L13_parsing_a_10k slides

Before class¶

Add to your Class Notes/Midterm Sandbox folder:

build_sample_exercise.ipynb
NEAR_regex.py from the community codebook. Delete everything after the "return" line.
.gitignore with **10k_files/* in it.
10k_files.zip from my Class-Notes-1045/Midterm sandbox folder into a subfolder called 10k_files/
Copy the things in the assignment's input folder in to the inputs folder here.
Optional: You can install tqdm (If you don't, then remove it from the code below.)

Where were we...¶

download_text_files.ipynb see this
build_sample.ipynb - review this and the Sandbox readme
1. create empty data, or load the sp500 wiki table
2. for each firm:
  1. find and open 10-K file
  2. define/measure sentiment vars
  3. add to dataset
3. save dataset
report.ipynb

Today¶

Some goals involving the build_sample.ipynb file:

Once we measure sentiment, how do we add that to the dataset?
How can we measure sentiment
Working with real html files (inside a zip!)

Warmup¶

Load a sentiment dictionary.

Once we measure exposure, how do we add that to the dataset?¶

Demos

Today¶

Three goals involving the build_sample.ipynb file:

Once we measure sentiment, how do we add that to the dataset?
How can we measure sentiment
Working with real html files (inside a zip!)

NLP (with our eyes)¶

'I am happy that you are here. I am all smiles. So hopeful!'

Positive sentiment: The fraction of words with a positive sentiment.

How many words?
How many positive sentiment words?

Words that entail "positive sentiment" depends on the context. We are going to use two dictionaries designed on business corpora

Work through the exercises Q0-Q6, then come back to the next slides

Finding (context-specific) sentiment in a document¶

Your positive sentiment measures will detect when firms use more positive language.
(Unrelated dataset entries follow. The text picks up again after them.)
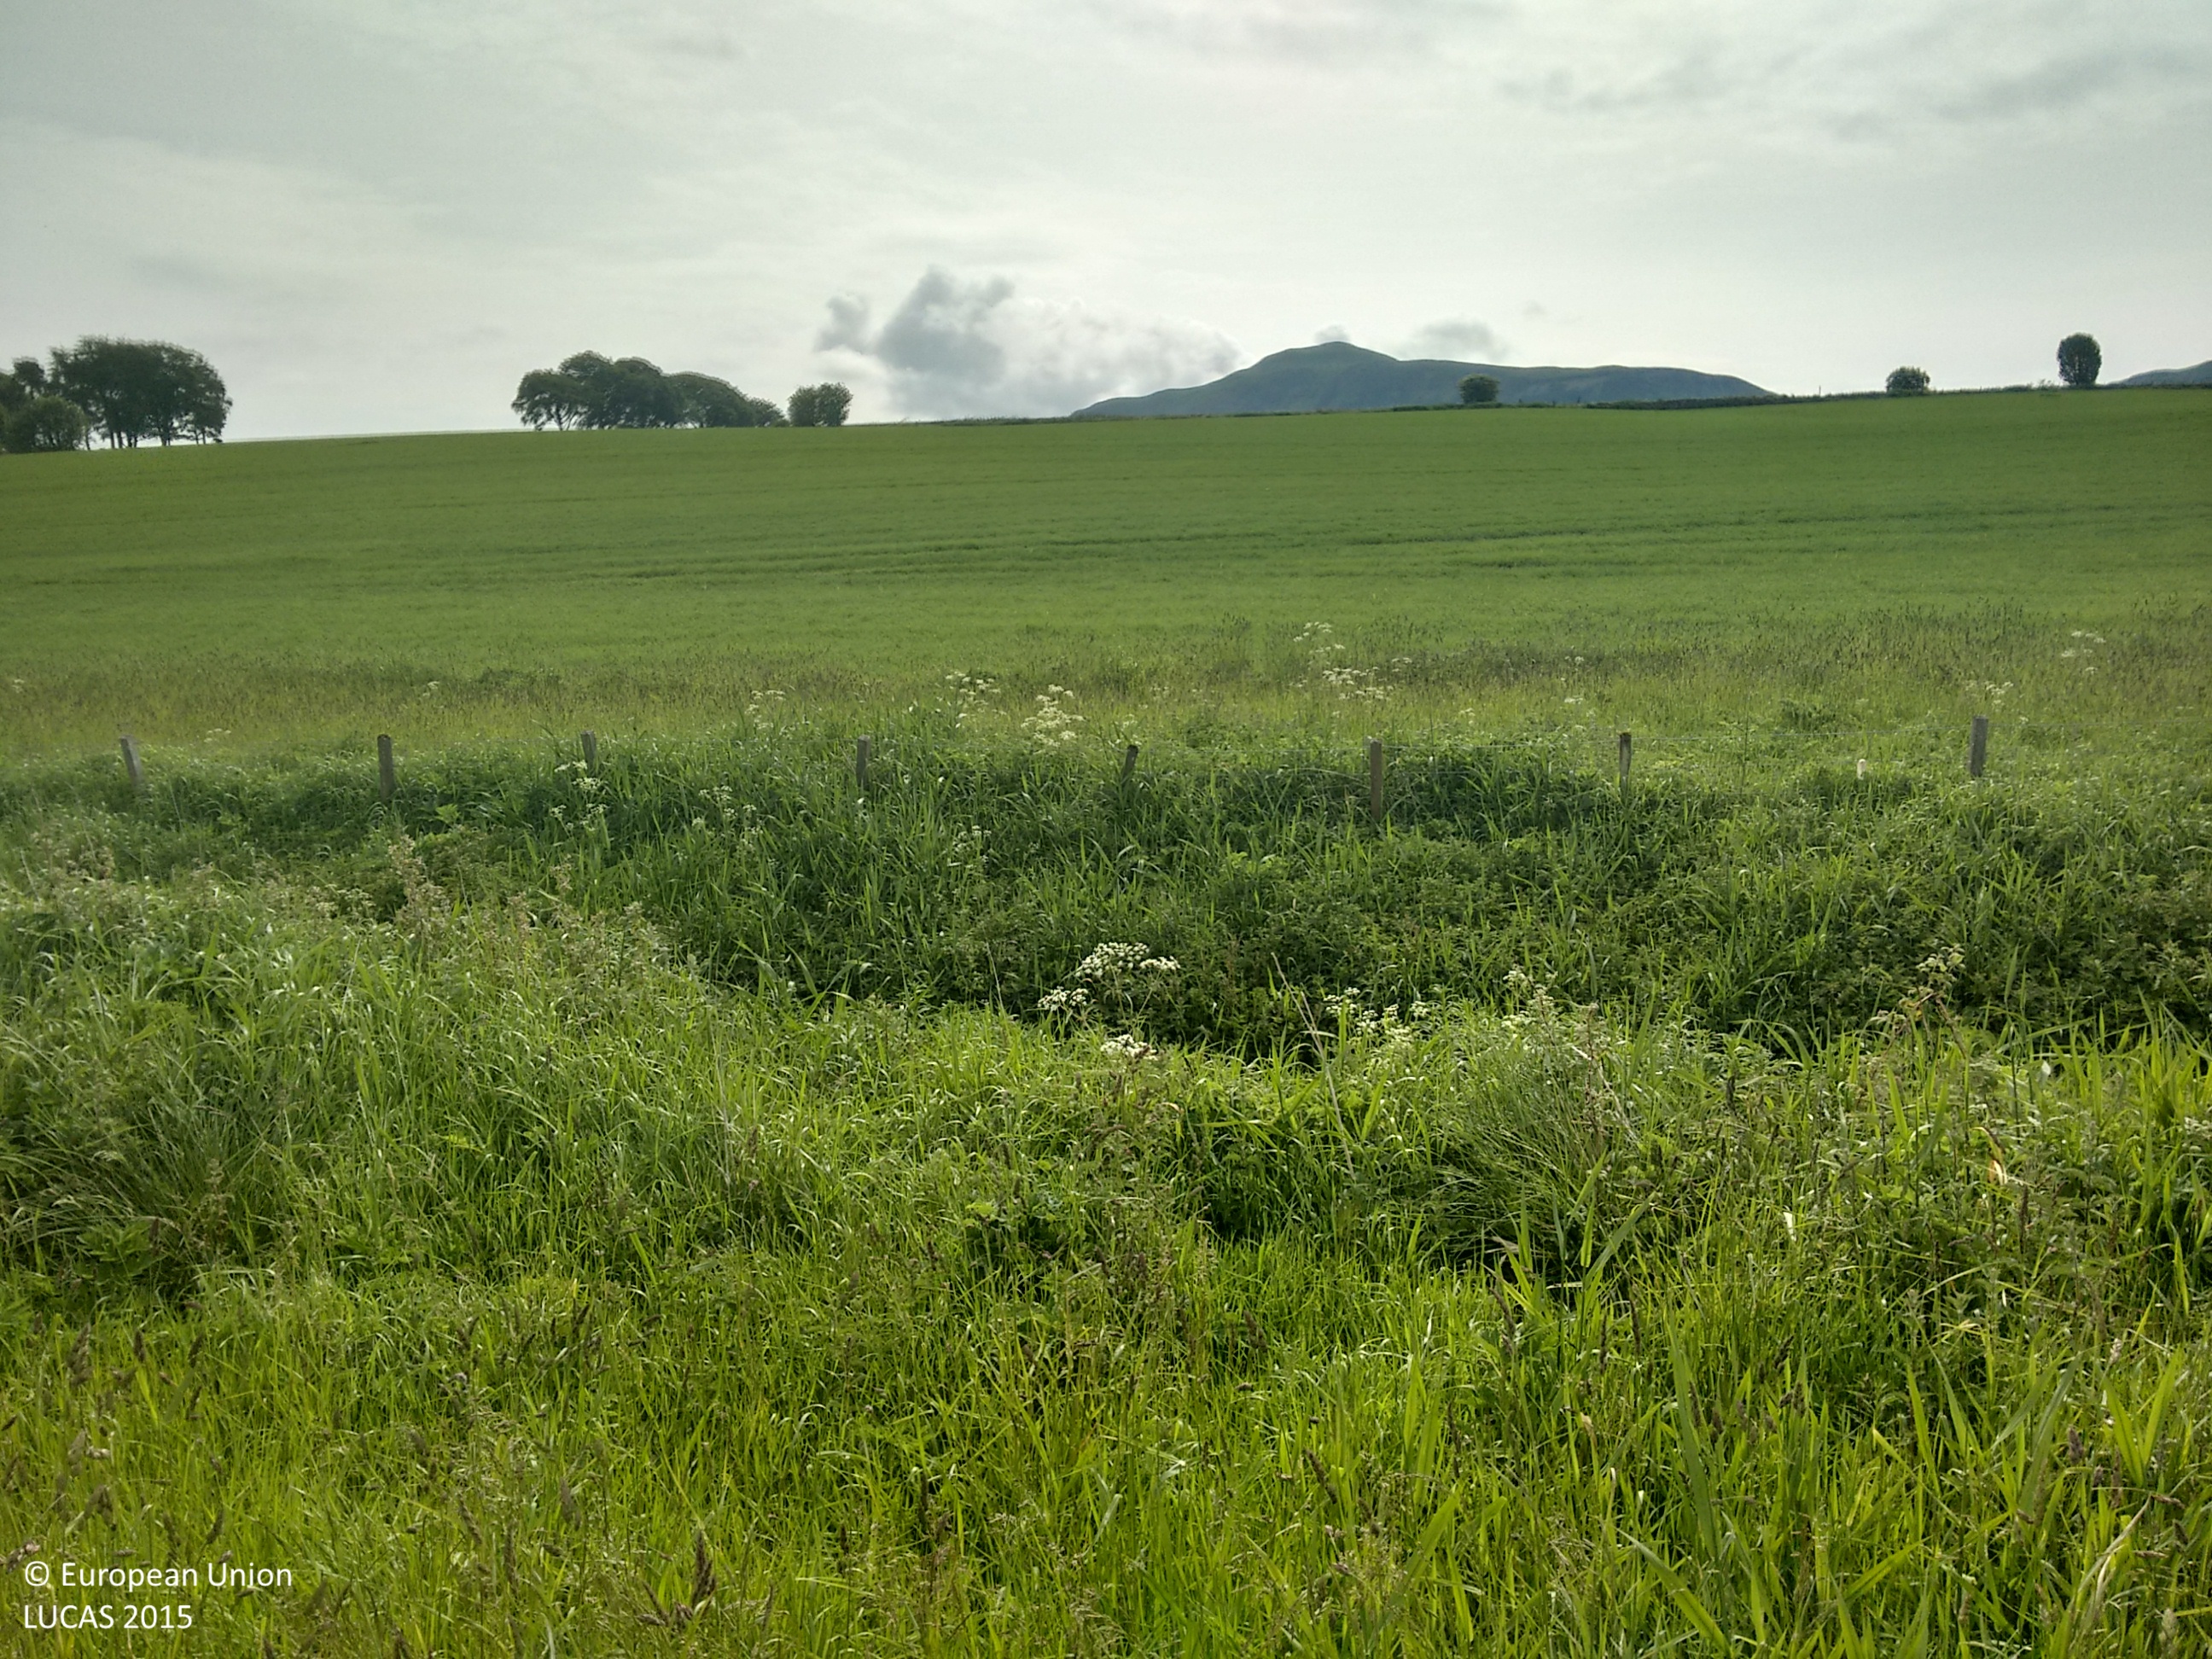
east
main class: Cropland
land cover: Barley
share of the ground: > 75 %
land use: Agriculture (excluding fallow land and kitchen gardens)
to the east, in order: Barley; Grassland without tree/shrub cover; Ditches and canals; Grass margins; Fences; Grassland without tree/shrub cover; Barley; Fences; Dry stone walls; Single bushes/trees; Grass margins; Paved roads, cycling and walking lanes; Grass margins; Ditches and canals; Grass margins; Dry stone walls; Fences; Barley
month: June
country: GB
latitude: 56.2520
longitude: -3.3566
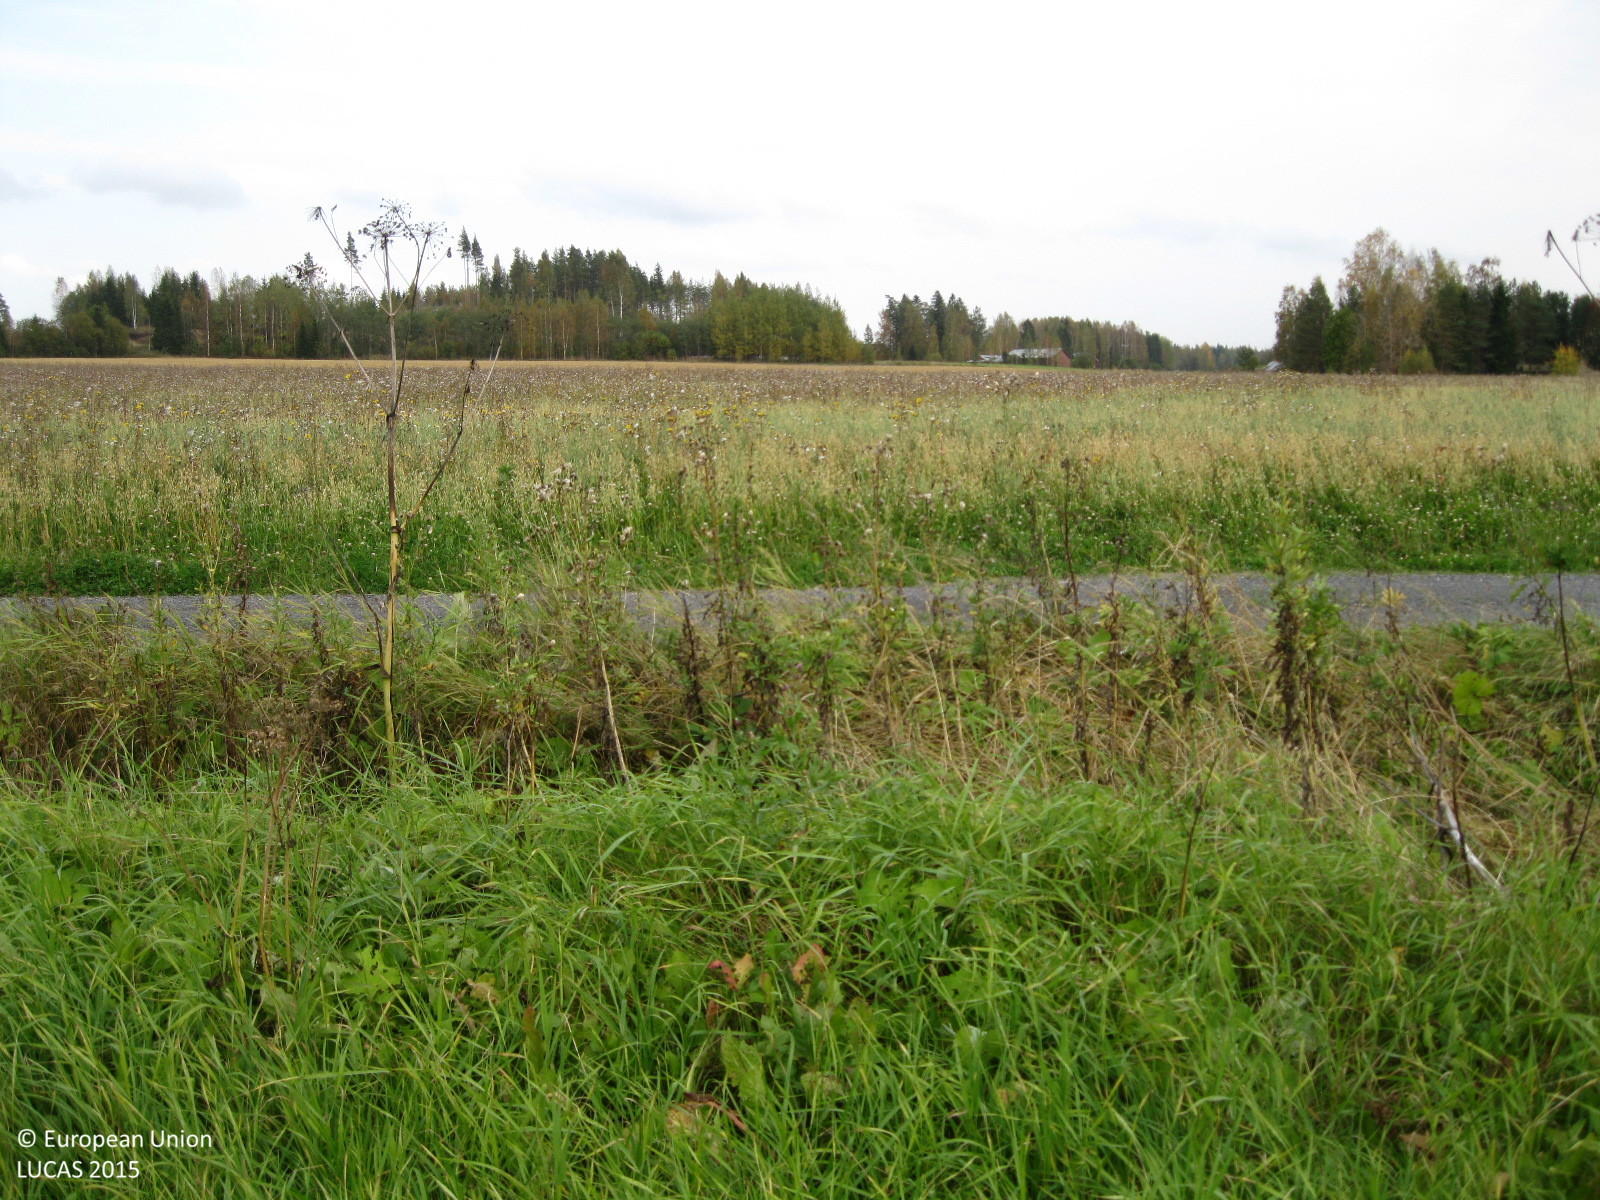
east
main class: Cropland
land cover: Temporary grasslands
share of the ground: > 75 %
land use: Agriculture (excluding fallow land and kitchen gardens)
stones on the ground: < 10 %
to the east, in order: Temporary grasslands; Grass margins; Electric lines; Ditches and canals; Grass margins; Tracks; Grass margins; Oats; Grass margins; Ditches and canals; Grass margins; Barley
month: September
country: FI
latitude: 60.5842
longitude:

But what are they talking positively about?

An approach to that problem: Look for a topic you are interested in, and see if positive words are nearby.

NEAR_regex([string1,string2]) will look for string1 near string2
seemingly simple but
1. lets us explore foundational NLP approaches
2. you will use near_regex() on your midterms
3. it's WAAAAAY better than writing your own regex (famously awful)
surprisingly powerful
- Since it will be used in a regex, string1 can exploit regex patterns
- string1 = '(patent|innovation)' will look for patent or innovation

Today¶

Three goals involving the build_sample.ipynb file:

Once we measure sentiment, how do we add that to the dataset?
How can we measure sentiment
Working with real html files (inside a zip!)

Remaining goals:¶

Open a 10-K from inside the zip
Process the HTML before any doing any NLP use NEAR_regex
Use NEAR_regex on this and measure its BHR_negative sentiment, applying the earlier exercises
As of this point: Enough to get all sentiment variables measured
If time/Wednesday:
- Get the filling date (new web ninja skills)
- Start working on the returns problem (no new skills... just a problem of imagination and work)
- Conceptual questions (max_words_between, dictionary choices, etc)
- Report questions

(No more slides, living coding from here on.)

News¶

My office hours this week
Class Wednesday

Student demos¶

Task: TBD, will be a continuation of something from today
Nobody scheduled, email me if you want to do a demo

Summary¶

We have essentially covered all the new skills needed for the midterm. There is obviously additional stuff left to figure out, but it's all solvable with your existing skills.

Main challenges:

Putting the lego pieces together
Getting the returns around the 10-K filing date

These aren't impossible, but aren't trivial: Don't wait to start on the midterm!